In a summit last year in April, Chinese President Xi Jinping promised Narendra Modi to increase its imports from India starting from rice , sugar and pharmaceuticals but it has had minor impact on a widely imbalanced trading relationship.
New figures as per China’s general administration of customs give an alarming look of trade relations of India and China. In 2018, two-way trade reached $95.5 billion, up 13 per cent from the previous year (when it stood at $84.4 billion). India’s imports, however, made up just $18.8 billion.

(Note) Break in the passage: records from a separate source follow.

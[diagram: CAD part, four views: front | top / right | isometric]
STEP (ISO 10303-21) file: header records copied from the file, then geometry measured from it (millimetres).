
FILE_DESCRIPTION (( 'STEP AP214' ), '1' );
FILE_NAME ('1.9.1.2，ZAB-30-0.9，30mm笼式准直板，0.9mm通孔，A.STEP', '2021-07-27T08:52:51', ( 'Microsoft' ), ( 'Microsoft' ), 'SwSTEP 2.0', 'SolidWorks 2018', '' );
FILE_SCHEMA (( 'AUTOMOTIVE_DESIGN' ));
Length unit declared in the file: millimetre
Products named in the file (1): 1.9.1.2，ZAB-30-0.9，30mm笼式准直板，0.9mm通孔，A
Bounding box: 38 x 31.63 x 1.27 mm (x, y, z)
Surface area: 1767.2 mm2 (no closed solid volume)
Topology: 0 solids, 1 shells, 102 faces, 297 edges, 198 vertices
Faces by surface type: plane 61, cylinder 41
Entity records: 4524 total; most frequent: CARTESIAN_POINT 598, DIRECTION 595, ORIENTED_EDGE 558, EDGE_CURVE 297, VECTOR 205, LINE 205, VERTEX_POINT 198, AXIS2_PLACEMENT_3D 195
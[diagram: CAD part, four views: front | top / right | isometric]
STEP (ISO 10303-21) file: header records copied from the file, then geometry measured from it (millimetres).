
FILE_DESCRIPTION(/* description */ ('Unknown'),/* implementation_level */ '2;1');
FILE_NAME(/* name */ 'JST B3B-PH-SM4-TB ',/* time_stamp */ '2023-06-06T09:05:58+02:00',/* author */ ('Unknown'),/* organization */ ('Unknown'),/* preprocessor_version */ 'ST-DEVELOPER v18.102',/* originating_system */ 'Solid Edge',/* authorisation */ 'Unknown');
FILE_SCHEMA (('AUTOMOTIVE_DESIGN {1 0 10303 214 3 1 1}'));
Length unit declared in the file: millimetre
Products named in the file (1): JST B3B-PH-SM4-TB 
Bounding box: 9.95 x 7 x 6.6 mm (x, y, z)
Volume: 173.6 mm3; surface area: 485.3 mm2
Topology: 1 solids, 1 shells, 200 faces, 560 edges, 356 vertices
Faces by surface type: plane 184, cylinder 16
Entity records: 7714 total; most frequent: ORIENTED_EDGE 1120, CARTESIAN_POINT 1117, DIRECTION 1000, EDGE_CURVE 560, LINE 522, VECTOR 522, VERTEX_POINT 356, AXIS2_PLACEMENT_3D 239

India’s trade has increased but also its trade deficit has increased. The imbalance has increased to $ 58 billion which was $51 billion in 2017. China’s exports to India comprises upto 80 percent of two-way trade which comes to $76.6 billion.

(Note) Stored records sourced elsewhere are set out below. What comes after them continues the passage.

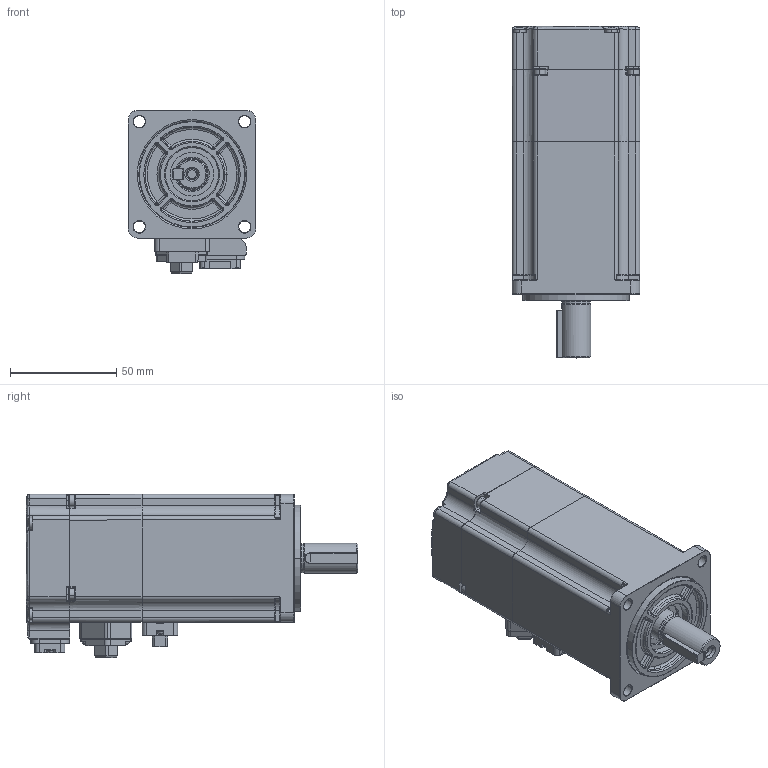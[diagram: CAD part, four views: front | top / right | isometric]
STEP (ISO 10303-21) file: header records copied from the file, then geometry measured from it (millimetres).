
FILE_DESCRIPTION (( 'STEP AP203' ), '1' );
FILE_NAME ('60-400W大惯量整体铸造端盖电机带编码器带刹车(磁编)（外形图）.STEP', '2023-05-08T03:06:27', ( '11' ), ( '' ), 'SwSTEP 2.0', 'SolidWorks 2015', '' );
FILE_SCHEMA (( 'CONFIG_CONTROL_DESIGN' ));
Length unit declared in the file: millimetre
Products named in the file (1): 60-400W大惯量整体铸造端盖电机带编码器带刹车(磁编)（外形图）
Bounding box: 60 x 156 x 76.7 mm (x, y, z)
Surface area: 46157.8 mm2 (no closed solid volume)
Topology: 0 solids, 42 shells, 1059 faces, 3601 edges, 2488 vertices
Faces by surface type: plane 484, cylinder 303, bspline 124, torus 90, cone 48, sphere 10
Entity records: 43678 total; most frequent: CARTESIAN_POINT 14529, ORIENTED_EDGE 5746, DIRECTION 5697, EDGE_CURVE 3568, VERTEX_POINT 2484, AXIS2_PLACEMENT_3D 1940, LINE 1817, VECTOR 1817

Amidst the history of sour relationship between the two nations, trade has tried to play an important role since the past two decades. Two way trade is upto one third in the past five years.
As per the talks between Indian Prime Minister and Chinese President about the trade of rice and sugar, India exports them to China but according tot experts exports of rice and sugar would not make a huge difference to this deficit.
Indias largest concern is lack of market access for IT and pharma companies. The problem lies only with India and this is the main target of US to carry out a trade war with China. Moreover, US market and technology is still invaluable for China.
Part of India’s problem is that it has lacks to come up with proper trade strategies. India opened a market worth ton of billions of dollars for China without getting Chinese investments in India or even securing a space for Indian companies in China.
China has imposed a range of tariff barriers in various sectors of Indian trade especially IT and Pharma where these companies suffer a backlog.
China’s market is complex and like most of the growing countries India does not a have a chamber of commerce in Beijing to navigate the companies regarding the rules and policies. The Confederation of Indian Industry (CII) has had a representative office in Shanghai that has admirably championed Indian firms, but with very modest resources.
Lack of trade strategy in India has helped China to enter from telecom to power and profit from Indian organization without any research and without opening markets for India in China. India is now the biggest overseas market for Chinese mobile phones, there are only a handful who manufacture in India.
Beijing has been smart enough to attract foreign companies at the same time absorbing their expertise and development. India needs to follow a coherent strategy and find international markets. Or make China to manufacture in India and not merely sell in India.